What the exercise asks:
Leaving out all pictures, reproduce the entries below exactly, from the first line through the line that contains "331.268V236.732H566.217C575.813 236.732 583.969".

[Excerpts from a dataset]
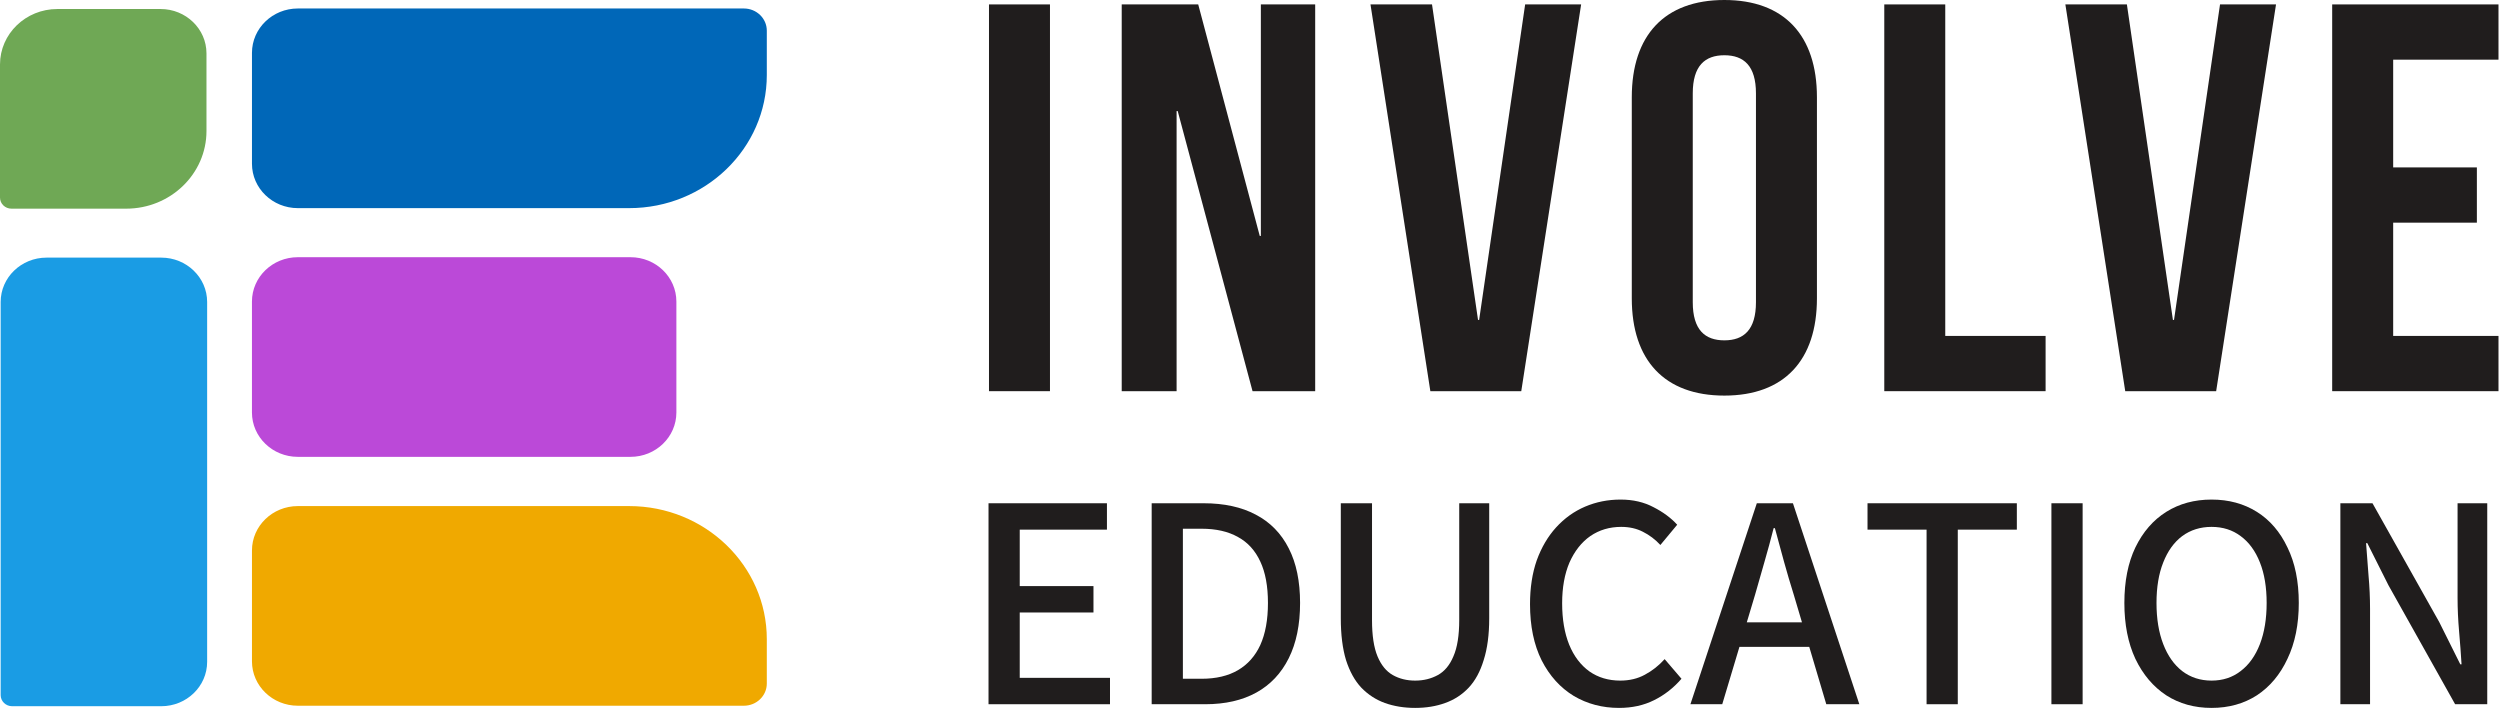 <svg width="1176" height="333" viewBox="0 0 1176 333" fill="none" xmlns="http://www.w3.org/2000/svg">
<path d="M465 331.268V236.732H520.704V249.144H479.682V275.701H514.37V288.113H479.682V318.856H522.143V331.268H465Z" fill="#201D1D"/>
<path d="M541.748 331.268V236.732H566.217C575.813 236.732 583.969 238.512 590.686 242.072C597.499 245.632 602.681 250.924 606.232 257.948C609.782 264.876 611.557 273.44 611.557 283.639C611.557 293.838 609.782 302.498 606.232 309.619C602.681 316.739 597.595 322.127 590.974 325.784C584.353 329.44 576.341 331.268 566.937 331.268H541.748ZM556.429 319.289H565.21C572.023 319.289 577.732 317.942 582.338 315.247C586.944 312.553 590.447 308.608 592.845 303.412C595.244 298.12 596.444 291.529 596.444 283.639C596.444 275.749 595.244 269.254 592.845 264.155C590.447 258.959 586.944 255.11 582.338 252.608C577.732 250.01 572.023 248.711 565.21 248.711H556.429V319.289Z" fill="#201D1D"/>
<path d="M665.691 333C660.509 333 655.76 332.23 651.441 330.691C647.219 329.151 643.525 326.746 640.358 323.474C637.288 320.203 634.889 315.873 633.161 310.485C631.53 305.096 630.714 298.553 630.714 290.856V236.732H645.396V291.722C645.396 298.938 646.26 304.615 647.987 308.753C649.714 312.89 652.113 315.825 655.184 317.557C658.254 319.289 661.757 320.155 665.691 320.155C669.626 320.155 673.176 319.289 676.343 317.557C679.509 315.825 681.956 312.89 683.683 308.753C685.507 304.615 686.418 298.938 686.418 291.722V236.732H700.524V290.856C700.524 298.553 699.66 305.096 697.933 310.485C696.302 315.873 693.951 320.203 690.88 323.474C687.81 326.746 684.115 329.151 679.797 330.691C675.575 332.23 670.873 333 665.691 333Z" fill="#201D1D"/>
<path d="M761.606 333C753.738 333 746.637 331.124 740.304 327.371C733.97 323.522 728.932 317.942 725.19 310.629C721.544 303.316 719.721 294.512 719.721 284.216C719.721 276.519 720.776 269.639 722.887 263.577C725.094 257.515 728.117 252.368 731.955 248.134C735.889 243.804 740.448 240.533 745.629 238.32C750.811 236.107 756.377 235 762.326 235C768.179 235 773.361 236.203 777.871 238.608C782.381 240.918 786.076 243.66 788.954 246.835L781.038 256.361C778.639 253.763 775.904 251.694 772.833 250.155C769.859 248.615 766.452 247.845 762.614 247.845C757.144 247.845 752.298 249.289 748.076 252.175C743.95 255.062 740.687 259.199 738.288 264.588C735.985 269.976 734.834 276.375 734.834 283.784C734.834 291.289 735.937 297.784 738.145 303.268C740.352 308.656 743.518 312.842 747.644 315.825C751.771 318.711 756.616 320.155 762.182 320.155C766.5 320.155 770.338 319.241 773.697 317.412C777.151 315.584 780.27 313.131 783.053 310.052L790.969 319.289C787.227 323.619 782.909 326.986 778.015 329.392C773.217 331.797 767.748 333 761.606 333Z" fill="#201D1D"/>
<path d="M795.175 331.268L826.409 236.732H843.394L874.628 331.268H859.083L843.826 279.887C842.195 274.691 840.659 269.495 839.22 264.299C837.781 259.007 836.341 253.715 834.902 248.423H834.326C832.983 253.715 831.543 259.007 830.008 264.299C828.569 269.495 827.081 274.691 825.546 279.887L810.145 331.268H795.175ZM812.735 304.278V292.732H856.636V304.278H812.735Z" fill="#201D1D"/>
<path d="M906.26 331.268V249.144H878.48V236.732H948.721V249.144H920.941V331.268H906.26Z" fill="#201D1D"/>
<path d="M964.985 331.268V236.732H979.667V331.268H964.985Z" fill="#201D1D"/>
<path d="M1040.32 333C1032.26 333 1025.16 331.027 1019.02 327.082C1012.88 323.041 1008.03 317.316 1004.48 309.907C1001.03 302.498 999.302 293.742 999.302 283.639C999.302 273.44 1001.03 264.732 1004.48 257.515C1008.03 250.203 1012.88 244.622 1019.02 240.773C1025.16 236.924 1032.26 235 1040.32 235C1048.38 235 1055.49 236.924 1061.63 240.773C1067.77 244.622 1072.57 250.203 1076.02 257.515C1079.57 264.732 1081.35 273.44 1081.35 283.639C1081.35 293.742 1079.57 302.498 1076.02 309.907C1072.57 317.316 1067.77 323.041 1061.63 327.082C1055.49 331.027 1048.38 333 1040.32 333ZM1040.32 320.155C1045.6 320.155 1050.16 318.663 1054 315.68C1057.93 312.698 1060.95 308.464 1063.07 302.979C1065.18 297.495 1066.23 291.048 1066.23 283.639C1066.23 276.23 1065.18 269.88 1063.07 264.588C1060.95 259.199 1057.93 255.062 1054 252.175C1050.16 249.289 1045.6 247.845 1040.32 247.845C1035.05 247.845 1030.44 249.289 1026.51 252.175C1022.67 255.062 1019.69 259.199 1017.58 264.588C1015.47 269.88 1014.42 276.23 1014.42 283.639C1014.42 291.048 1015.47 297.495 1017.58 302.979C1019.69 308.464 1022.67 312.698 1026.51 315.68C1030.44 318.663 1035.05 320.155 1040.32 320.155Z" fill="#201D1D"/>
<path d="M1100.91 331.268V236.732H1116.02L1147.4 292.588L1157.33 312.505H1157.91C1157.62 307.694 1157.24 302.546 1156.76 297.062C1156.28 291.577 1156.04 286.285 1156.04 281.186V236.732H1170V331.268H1154.89L1123.51 275.268L1113.58 255.495H1113C1113.38 260.306 1113.77 265.357 1114.15 270.649C1114.63 275.942 1114.87 281.186 1114.87 286.381V331.268H1100.91Z" fill="#201D1D"/>
<path d="M26.98 4.243H75.543C87.457 4.243 97.126 13.592 97.126 25.112V61.634C97.126 81.788 80.2 98.156 59.355 98.156H5.396C2.417 98.156 0 95.818 0 92.938V30.329C0 15.93 12.087 4.243 26.98 4.243Z" fill="#6FA855"/>
<path d="M21.897 121.186H75.856C87.77 121.186 97.44 130.536 97.44 142.056V311.334C97.44 322.854 87.77 332.203 75.856 332.203H5.709C2.731 332.203 0.313 329.866 0.313 326.986V142.056C0.313 130.536 9.983 121.186 21.897 121.186Z" fill="#1A9CE4"/>
<path d="M140.11 3.993H349.914C355.871 3.993 360.706 8.668 360.706 14.428V35.297C360.706 69.852 331.692 97.906 295.955 97.906H140.11C128.196 97.906 118.526 88.556 118.526 77.036V24.863C118.526 13.343 128.196 3.993 140.11 3.993Z" fill="#0067B8"/>
<path d="M140.11 238.061H295.955C331.692 238.061 360.706 266.115 360.706 300.669V321.539C360.706 327.299 355.871 331.974 349.914 331.974H140.11C128.196 331.974 118.526 322.624 118.526 311.104V258.93C118.526 247.41 128.196 238.061 140.11 238.061Z" fill="#F0A900"/>
<path d="M296.588 120.988H140.101C128.18 120.988 118.517 130.331 118.517 141.857V194.031C118.517 205.557 128.18 214.901 140.101 214.901H296.588C308.508 214.901 318.171 205.557 318.171 194.031V141.857C318.171 130.331 308.508 120.988 296.588 120.988Z" fill="#BB49D8"/>
<path d="M465.221 184.009V2.079H493.905V184.009H465.221Z" fill="#201D1D"/>
<path d="M589.196 184.009L553.993 52.24H553.471V184.009H527.655V2.079H563.641L592.586 110.977H593.107V2.079H618.662V184.009H589.196Z" fill="#201D1D"/>
<path d="M673.62 2.079L695.264 150.482H695.785L717.429 2.079H743.766L715.603 184.009H672.838L644.675 2.079H673.62Z" fill="#201D1D"/>
<path d="M796.275 43.923V142.165C796.275 155.16 802.012 160.098 811.139 160.098C820.266 160.098 826.002 155.16 826.002 142.165V43.923C826.002 30.928 820.266 25.99 811.139 25.99C802.012 25.99 796.275 30.928 796.275 43.923ZM767.591 140.346V45.742C767.591 16.634 782.976 0 811.139 0C839.301 0 854.686 16.634 854.686 45.742V140.346C854.686 169.455 839.301 186.088 811.139 186.088C782.976 186.088 767.591 169.455 767.591 140.346Z" fill="#201D1D"/>
<path d="M886.365 184.009V2.079H915.049V158.019H962.248V184.009H886.365Z" fill="#201D1D"/>
<path d="M1000.49 2.079L1022.14 150.482H1022.66L1044.3 2.079H1070.64L1042.48 184.009H999.71L971.548 2.079H1000.49Z" fill="#201D1D"/>
<path d="M1125.75 28.069V78.75H1165.12V104.74H1125.75V158.019H1175.29V184.009H1097.06V2.079H1175.29V28.069H1125.75Z" fill="#201D1D"/>
</svg>

Completed exercise:
 <svg width="1176" height="333" viewBox="0 0 1176 333" fill="none" xmlns="http://www.w3.org/2000/svg">
<path d="M465 331.268V236.732H520.704V249.144H479.682V275.701H514.37V288.113H479.682V318.856H522.143V331.268H465Z" fill="#201D1D"/>
<path d="M541.748 331.268V236.732H566.217C575.813 236.732 583.969 238.512 590.686 242.072C597.499 245.632 602.681 250.924 606.232 257.948C609.782 264.876 611.557 273.44 611.557 283.639C611.557 293.838 609.782 302.498 606.232 309.619C602.681 316.739 597.595 322.127 590.974 325.784C584.353 329.44 576.341 331.268 566.937 331.268H541.748ZM556.429 319.289H565.21C572.023 319.289 577.732 317.942 582.338 315.247C586.944 312.553 590.447 308.608 592.845 303.412C595.244 298.12 596.444 291.529 596.444 283.639C596.444 275.749 595.244 269.254 592.845 264.155C590.447 258.959 586.944 255.11 582.338 252.608C577.732 250.01 572.023 248.711 565.21 248.711H556.429V319.289Z" fill="#201D1D"/>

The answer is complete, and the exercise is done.